Lorsqu'on lui demanda encore pourquoi Emma s'abaisserait à un tel déni de son identité Regina ne répondit pas. Elle ne devinait que trop bien les raisons de son geste. Pour Emma Swan, il était devenu trop dur de supporter son statut de Sauveuse, trop insupportable de demeurer elle-même.
La souffrance d'un cœur brisé est si brûlante que l'on peut faire l'impossible pour s'en débarrasser et Regina n'en avait que trop conscience.
Ruby se pencha par-dessus le comptoir et servit du bacon et des œufs à cet homme à l'accoutrement intriguant. Granny avait exprimé sa désapprobation dans un regard appuyé et elle avait toléré qu'Hercule garde sa cape de fourrure odorante sous réserve qu'elle ne touche rien du restaurant.
Ruby frissonna en pensant à la mort affreuse qu'avait du subir le lion de Némée avant de finir en carpette. Elle passa une main sur sa nuque et se massa brièvement pour se détendre.
« Jeune fille, appela Hercule de sa voix rocailleuse. Connaissez-vous ce monstre qui plane sur cette ville ? »
La fourchette était à peine visible dans sa main épaisse. Il en tordit le manche par mégarde et lorsqu'il piqua le bacon de ses piques, l'assiette se fissura.
- « Quel monstre ?, fit Ruby en fronçant les sourcils.
- Celui-là même qui est de plumes et de noir. Il chante et ensorcelle ceux qui l'ouïssent.
- Oh Emma, réalisa-t-elle alors.
- D'où vient le nom de ce monstre ?
- Emma était humaine avant. Elle s'est juste... perdue.

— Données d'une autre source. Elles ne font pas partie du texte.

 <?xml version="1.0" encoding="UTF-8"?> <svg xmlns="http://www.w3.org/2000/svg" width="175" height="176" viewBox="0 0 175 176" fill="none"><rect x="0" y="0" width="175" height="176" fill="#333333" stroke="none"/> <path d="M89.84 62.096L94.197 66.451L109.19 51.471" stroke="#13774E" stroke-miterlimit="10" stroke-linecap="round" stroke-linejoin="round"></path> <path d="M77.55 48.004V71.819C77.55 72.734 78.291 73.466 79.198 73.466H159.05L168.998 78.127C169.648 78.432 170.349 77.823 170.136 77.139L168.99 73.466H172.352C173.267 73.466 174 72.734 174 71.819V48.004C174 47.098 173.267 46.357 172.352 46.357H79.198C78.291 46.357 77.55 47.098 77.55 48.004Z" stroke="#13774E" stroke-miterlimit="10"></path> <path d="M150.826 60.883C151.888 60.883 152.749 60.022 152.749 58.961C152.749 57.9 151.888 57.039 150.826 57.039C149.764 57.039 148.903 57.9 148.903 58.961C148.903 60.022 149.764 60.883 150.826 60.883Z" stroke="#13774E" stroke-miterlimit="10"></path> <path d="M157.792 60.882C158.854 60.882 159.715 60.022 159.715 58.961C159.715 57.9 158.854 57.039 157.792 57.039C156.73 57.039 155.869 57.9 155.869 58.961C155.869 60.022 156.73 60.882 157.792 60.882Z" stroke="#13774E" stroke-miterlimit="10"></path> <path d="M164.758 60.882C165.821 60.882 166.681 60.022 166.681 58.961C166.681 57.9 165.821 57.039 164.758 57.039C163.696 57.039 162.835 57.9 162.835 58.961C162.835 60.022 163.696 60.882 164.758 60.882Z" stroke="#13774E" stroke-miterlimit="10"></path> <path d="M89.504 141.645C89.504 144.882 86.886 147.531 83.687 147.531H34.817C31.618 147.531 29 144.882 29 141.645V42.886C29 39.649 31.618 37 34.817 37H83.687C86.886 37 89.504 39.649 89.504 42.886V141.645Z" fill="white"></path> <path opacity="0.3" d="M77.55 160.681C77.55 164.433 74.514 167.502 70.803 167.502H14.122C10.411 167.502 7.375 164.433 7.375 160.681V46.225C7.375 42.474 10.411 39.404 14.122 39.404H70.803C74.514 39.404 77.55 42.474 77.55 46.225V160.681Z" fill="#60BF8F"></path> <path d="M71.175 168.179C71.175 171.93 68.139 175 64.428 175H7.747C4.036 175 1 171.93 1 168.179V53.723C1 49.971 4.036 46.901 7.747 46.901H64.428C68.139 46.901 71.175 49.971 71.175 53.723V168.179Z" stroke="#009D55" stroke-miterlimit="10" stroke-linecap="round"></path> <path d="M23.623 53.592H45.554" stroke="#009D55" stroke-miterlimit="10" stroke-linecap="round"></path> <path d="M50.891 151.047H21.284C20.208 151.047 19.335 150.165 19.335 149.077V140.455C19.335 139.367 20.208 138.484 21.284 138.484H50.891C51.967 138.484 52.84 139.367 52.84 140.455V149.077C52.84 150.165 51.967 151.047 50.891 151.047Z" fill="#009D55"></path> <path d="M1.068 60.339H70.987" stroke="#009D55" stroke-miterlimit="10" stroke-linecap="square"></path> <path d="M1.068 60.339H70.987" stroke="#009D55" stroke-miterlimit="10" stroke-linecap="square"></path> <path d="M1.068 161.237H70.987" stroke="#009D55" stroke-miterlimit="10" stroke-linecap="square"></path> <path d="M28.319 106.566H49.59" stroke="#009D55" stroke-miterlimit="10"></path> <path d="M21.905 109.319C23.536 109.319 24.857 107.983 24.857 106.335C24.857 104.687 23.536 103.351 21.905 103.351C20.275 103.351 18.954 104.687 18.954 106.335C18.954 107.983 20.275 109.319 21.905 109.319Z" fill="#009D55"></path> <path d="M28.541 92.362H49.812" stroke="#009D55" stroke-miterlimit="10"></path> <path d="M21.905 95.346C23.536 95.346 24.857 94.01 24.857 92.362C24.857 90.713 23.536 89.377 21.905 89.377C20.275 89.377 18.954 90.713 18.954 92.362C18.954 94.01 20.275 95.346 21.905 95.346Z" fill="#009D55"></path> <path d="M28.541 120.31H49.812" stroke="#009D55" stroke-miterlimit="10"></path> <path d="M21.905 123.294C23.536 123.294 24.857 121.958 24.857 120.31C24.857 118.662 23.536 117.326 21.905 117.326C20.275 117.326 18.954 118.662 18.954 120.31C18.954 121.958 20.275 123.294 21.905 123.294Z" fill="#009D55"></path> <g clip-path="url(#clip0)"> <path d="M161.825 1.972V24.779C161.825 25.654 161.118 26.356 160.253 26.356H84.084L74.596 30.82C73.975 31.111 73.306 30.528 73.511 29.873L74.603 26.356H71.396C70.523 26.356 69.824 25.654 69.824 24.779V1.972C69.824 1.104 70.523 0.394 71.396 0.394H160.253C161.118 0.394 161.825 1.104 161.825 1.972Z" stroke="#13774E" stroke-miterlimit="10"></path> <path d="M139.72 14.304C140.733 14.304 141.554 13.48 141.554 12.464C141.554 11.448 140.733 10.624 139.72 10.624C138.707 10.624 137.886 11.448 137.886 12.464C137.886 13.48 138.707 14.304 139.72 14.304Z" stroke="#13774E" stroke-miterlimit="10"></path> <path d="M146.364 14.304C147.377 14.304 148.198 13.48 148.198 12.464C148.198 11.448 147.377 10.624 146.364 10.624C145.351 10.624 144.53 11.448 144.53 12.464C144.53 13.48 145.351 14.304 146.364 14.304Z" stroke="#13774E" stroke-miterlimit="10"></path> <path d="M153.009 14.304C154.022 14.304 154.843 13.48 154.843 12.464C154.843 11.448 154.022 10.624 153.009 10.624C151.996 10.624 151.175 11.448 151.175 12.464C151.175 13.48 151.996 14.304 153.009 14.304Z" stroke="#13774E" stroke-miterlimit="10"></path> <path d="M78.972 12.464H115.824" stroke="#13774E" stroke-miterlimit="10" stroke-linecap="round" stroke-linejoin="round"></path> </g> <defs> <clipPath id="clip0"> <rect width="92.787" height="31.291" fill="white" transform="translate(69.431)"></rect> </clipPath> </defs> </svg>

- Parlez-moi d'elle, je vous prie. Je viens de loin. Peut-être saurais-je vous venir en aide pour la retrouver. »
La serveuse hésita puis prit place à côté de ce demi-dieu qui, elle l'espérait, aurait croisé la route d'une personne qui aurait suivi un chemin similaire à celui emprunté présentement par la Sauveuse.
Plus tard dans la soirée, Ruby sortit du Granny's après avoir terminé son service. Ruby laissa la pleine lune effleurer sa peau et comme elle en avait coutume à présent, elle arpenta la ville sous sa forme lupine. Elle marcha d'un pas léger jusqu'à un coin de rue. Courir dans la forêt serait plus agréable. Ses oreilles frémirent et un frisson lui hérissa le poil. Ruby s'arrêta. Quelques passants se baladaient ici et là mais la ville était anormalement silencieuse.
Dans une flaque d'eau, la louve vit un reflet qui n'était pas le sien. Elle se retourna et avisa cet oiseau de mauvais augure. Ruby parvenait à sentir l'âme chez les autres loups mais elle se parvenait pas ne serait-ce qu'à soupçonner celle d'Emma fondue dans ces plumes noires.
Ruby l'appela. Le loup hurla. Le monstre s'ébroua, déploya ses ailes et disparut comme il était apparu. Ce loup ne suscitait ni haine ni compassion. Ruby se désola de son comportement. Elle n'était plus qu'une bête désormais.
Le monstre arpentait la forêt. Ici, il n'y avait que le vide. Il n'était pas sous le joug des émotions d'autrui, il n'y avait que le néant. Pourtant, même ici, jusque dans ce havre de paix et de verdure, un vide le torturait toujours. Il n'existait que dans le présent, errait sans cesse, sans but.
Alors il lui arrivait parfois de s'aventurer à Storybrooke. Il déambulait, d'une démarche peu aisée ses griffes cliquetaient, crissaient sur le manteau goudronneux des rues. Il avait le sentiment que se déplacer ainsi faisait écho à autre chose, une chose qu'il avait oublié il y a bien longtemps. Le bout de ses plumes léchaient le sol, à la manière d'une étoffe devenue trop longue, trop lourde.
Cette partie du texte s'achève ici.